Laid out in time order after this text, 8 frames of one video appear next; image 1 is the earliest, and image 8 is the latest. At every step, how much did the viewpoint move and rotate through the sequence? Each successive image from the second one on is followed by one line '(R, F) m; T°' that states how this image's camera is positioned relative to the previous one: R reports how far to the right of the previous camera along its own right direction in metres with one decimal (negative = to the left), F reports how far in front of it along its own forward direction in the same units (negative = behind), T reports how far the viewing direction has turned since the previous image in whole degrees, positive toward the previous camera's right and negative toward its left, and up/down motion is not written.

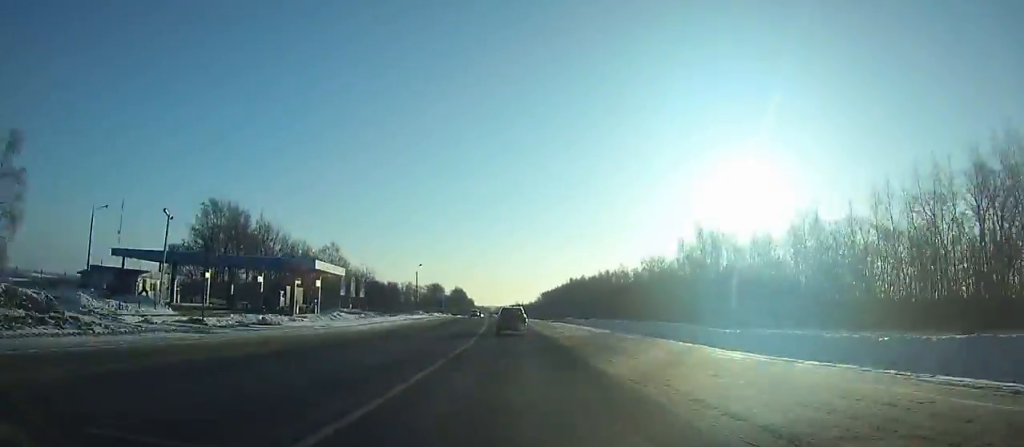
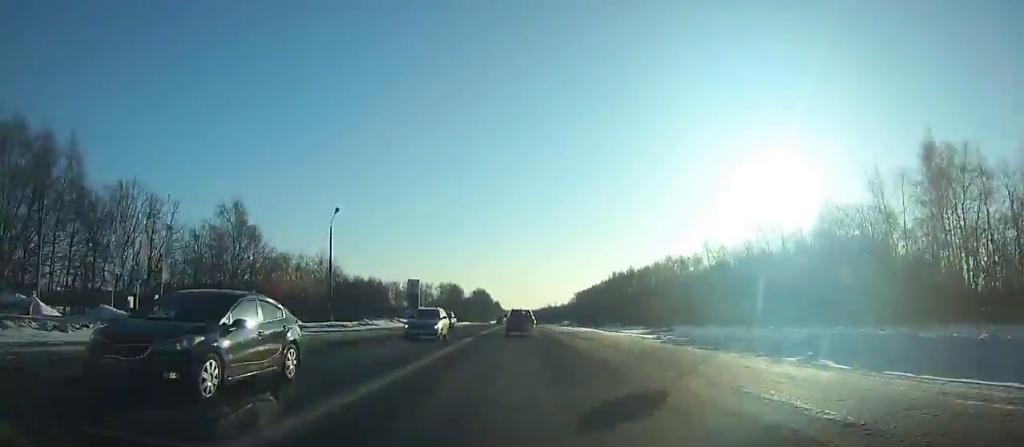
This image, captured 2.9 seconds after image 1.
(-1.4, +66.3) m; -2°
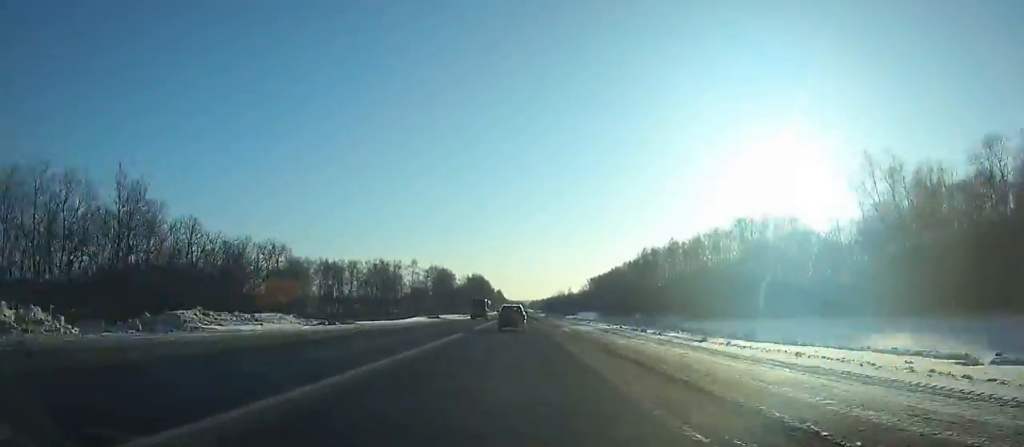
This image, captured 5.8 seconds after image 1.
(-1.1, +67.4) m; -1°
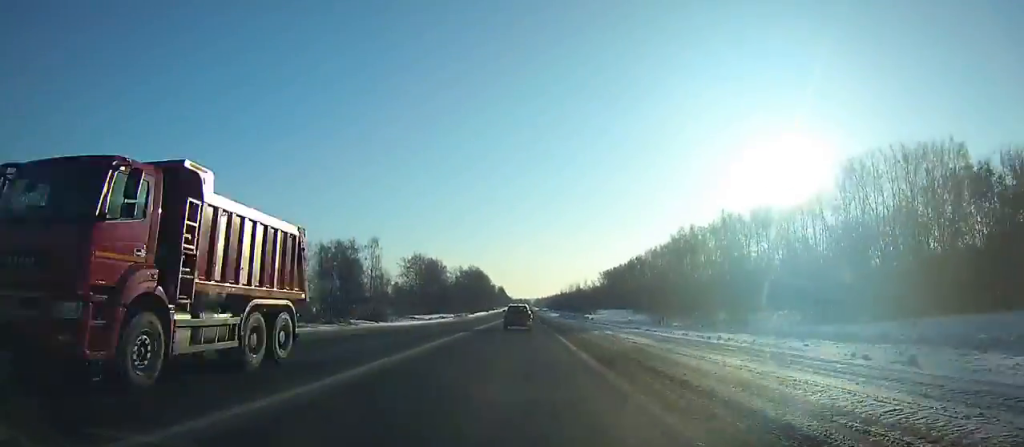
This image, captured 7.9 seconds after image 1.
(-0.2, +49.4) m; 0°
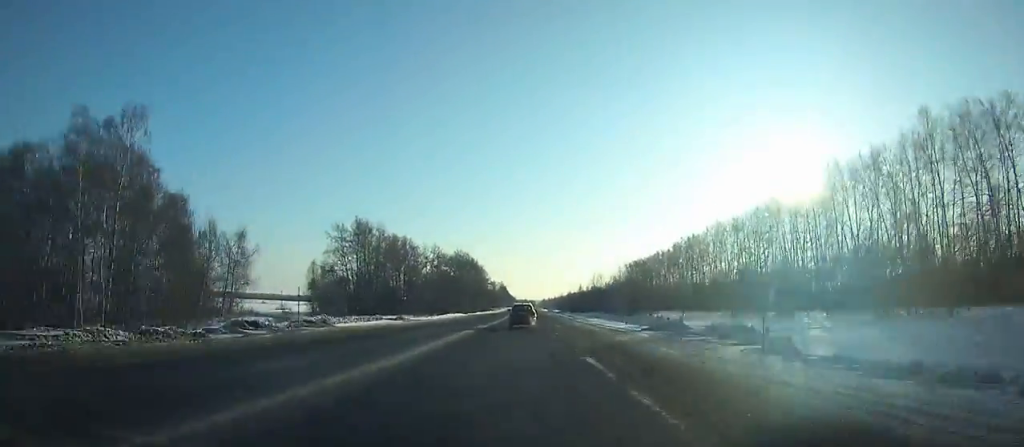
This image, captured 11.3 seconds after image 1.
(-0.2, +80.3) m; 0°
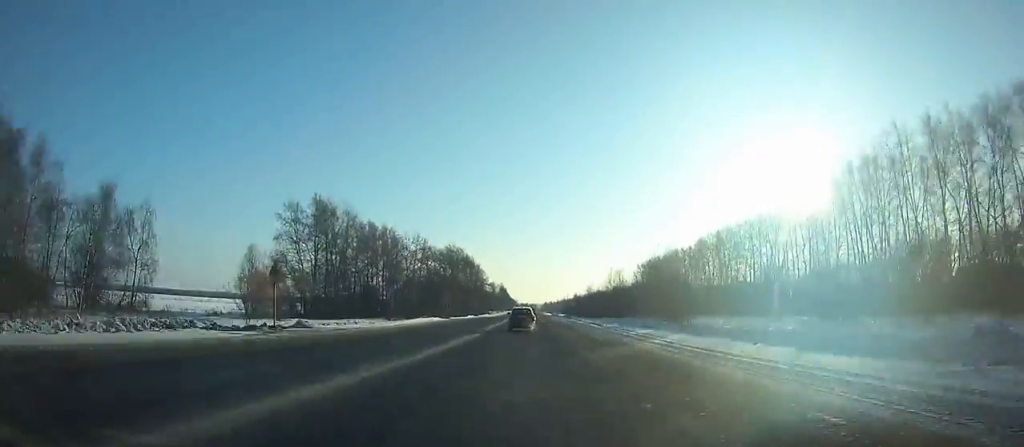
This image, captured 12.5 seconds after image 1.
(0.0, +28.3) m; 0°
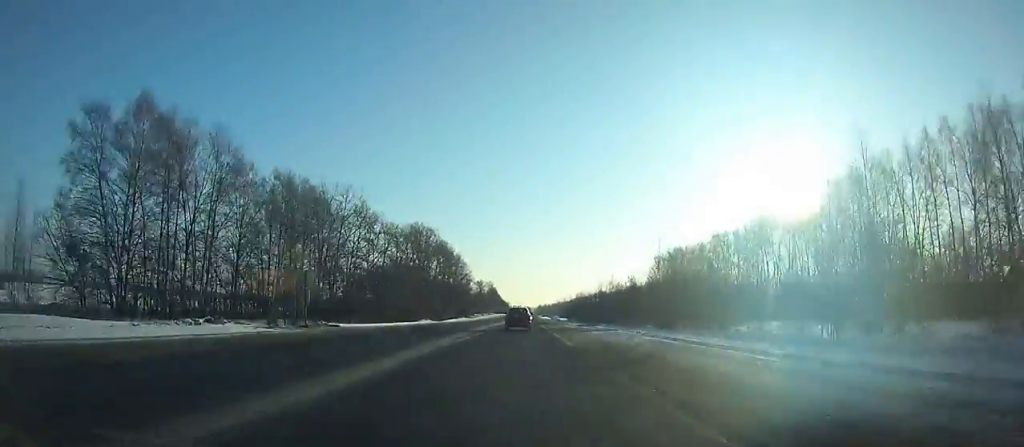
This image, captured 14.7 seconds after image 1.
(0.0, +51.9) m; 0°
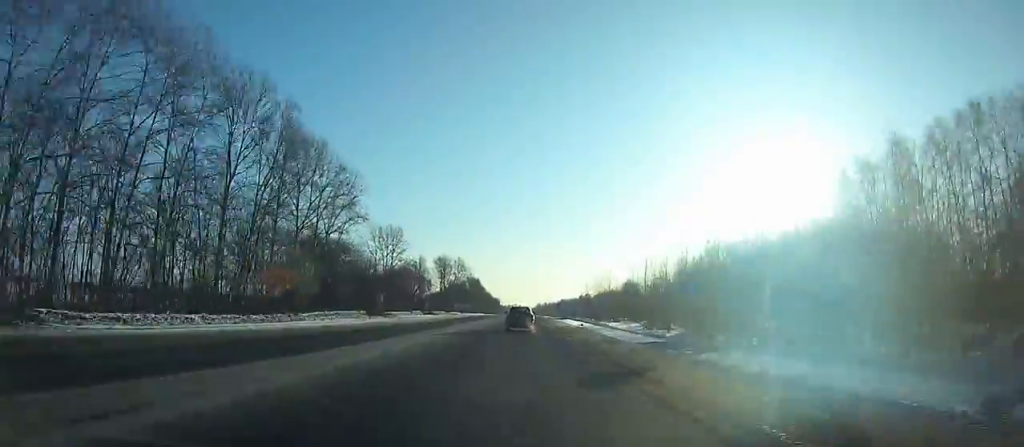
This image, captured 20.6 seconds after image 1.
(+0.9, +137.9) m; 0°
---+---
Transcribe exactly the portion of the material above that runs from the line containing "This image, captured 12.5" through its last line, omitting all pictures.

**Solution:**
This image, captured 12.5 seconds after image 1.
(0.0, +28.3) m; 0°
This image, captured 14.7 seconds after image 1.
(0.0, +51.9) m; 0°
This image, captured 20.6 seconds after image 1.
(+0.9, +137.9) m; 0°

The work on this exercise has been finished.